He must have seen the puzzled frown of yours truly, for he shortly went on:

"Allow me to explain myself, sir. I'm afraid this is a rather long story, but please bear with me. I am sure you have not failed to observe the unusual designs on the front door?" I nodded, instantly remembering that funny little thrill I'd felt upon running my fingers over aforementioned door.

"Those are not ordinary carvings sir, but are in fact runes."

"...Runes?" I gasped, incredulous "Good lord! You don't mean to say..."

"Indeed sir, this is an enchanted room."

I'm afraid at this point I rather resembled a landed fish, for my mouth had dropped open in utter astonishment and I'm sure my eyes were as wide as a pair of sizable saucers. Jeeves however, did not seem perturbed in the least by my reaction, and continued smoothly on.

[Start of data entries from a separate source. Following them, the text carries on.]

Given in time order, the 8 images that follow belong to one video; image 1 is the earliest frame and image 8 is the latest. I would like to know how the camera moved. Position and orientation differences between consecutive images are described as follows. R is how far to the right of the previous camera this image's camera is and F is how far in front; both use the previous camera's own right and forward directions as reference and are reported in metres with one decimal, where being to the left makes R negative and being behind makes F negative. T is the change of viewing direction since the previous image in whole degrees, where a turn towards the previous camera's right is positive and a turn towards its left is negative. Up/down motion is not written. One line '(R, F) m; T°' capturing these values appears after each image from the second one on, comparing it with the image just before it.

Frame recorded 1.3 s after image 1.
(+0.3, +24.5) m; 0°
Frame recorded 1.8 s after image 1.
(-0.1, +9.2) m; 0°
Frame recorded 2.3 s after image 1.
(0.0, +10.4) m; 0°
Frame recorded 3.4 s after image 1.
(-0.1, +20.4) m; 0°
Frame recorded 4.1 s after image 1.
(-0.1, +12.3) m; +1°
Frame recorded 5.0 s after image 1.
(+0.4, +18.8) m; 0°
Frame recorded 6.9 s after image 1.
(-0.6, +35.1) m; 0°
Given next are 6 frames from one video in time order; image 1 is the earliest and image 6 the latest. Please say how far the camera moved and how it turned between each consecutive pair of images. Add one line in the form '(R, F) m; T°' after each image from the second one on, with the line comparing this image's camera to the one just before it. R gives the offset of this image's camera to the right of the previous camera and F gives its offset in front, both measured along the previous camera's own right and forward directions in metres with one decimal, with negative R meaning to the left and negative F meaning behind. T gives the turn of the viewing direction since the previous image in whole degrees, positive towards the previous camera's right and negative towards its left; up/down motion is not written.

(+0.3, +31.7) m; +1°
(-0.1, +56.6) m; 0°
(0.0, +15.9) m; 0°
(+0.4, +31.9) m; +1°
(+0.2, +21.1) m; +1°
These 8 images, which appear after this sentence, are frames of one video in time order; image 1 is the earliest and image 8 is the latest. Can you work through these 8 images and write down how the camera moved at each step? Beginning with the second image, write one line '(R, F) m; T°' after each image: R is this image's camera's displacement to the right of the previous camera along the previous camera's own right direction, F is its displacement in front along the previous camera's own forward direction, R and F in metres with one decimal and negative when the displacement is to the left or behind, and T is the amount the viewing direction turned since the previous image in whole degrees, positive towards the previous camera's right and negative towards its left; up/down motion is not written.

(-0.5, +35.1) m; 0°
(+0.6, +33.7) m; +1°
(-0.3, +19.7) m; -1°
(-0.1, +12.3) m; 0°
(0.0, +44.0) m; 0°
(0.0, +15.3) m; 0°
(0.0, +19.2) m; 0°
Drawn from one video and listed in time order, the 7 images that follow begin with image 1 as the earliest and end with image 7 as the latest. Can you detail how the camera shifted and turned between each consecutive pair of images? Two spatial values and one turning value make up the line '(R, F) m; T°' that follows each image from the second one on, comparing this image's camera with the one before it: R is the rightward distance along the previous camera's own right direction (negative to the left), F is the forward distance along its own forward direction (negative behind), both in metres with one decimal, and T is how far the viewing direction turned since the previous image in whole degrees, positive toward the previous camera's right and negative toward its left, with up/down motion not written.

"You see, sir, I was originally the royal advisor to the king of a wealthy and prosperous kingdom. One day, the king received an invitation from the Witch Queen of the neighbouring realm to stay at her castle for a few weeks in the summer. The King readily accepted her invite, for both kingdoms were on the most cordial terms.  As royal advisor, I was obliged to accompany the king on his trip. It was on the first night we dined at the Witch Queen's castle that I made a most grievous error. The Witch Queen accidentally dropped her fork in the middle of the main course, and I retrieved her fork for her, picking it up with my left hand. Little did I know this action was, in fact, a declaration of love in the witch culture.

By the time I realised my mistake, it was too late. The Witch Queen had already gone on to announce our upcoming nuptials to her court, and preparations for the wedding were being speedily arranged. I attempted to explain the situation to her, telling her that I had had no intention whatsoever of asking for her hand in marriage--"

"Heavens above!" I exclaimed, unable to control my agitation "Do you mean to say, you _rejected_ this Witch Queen?!"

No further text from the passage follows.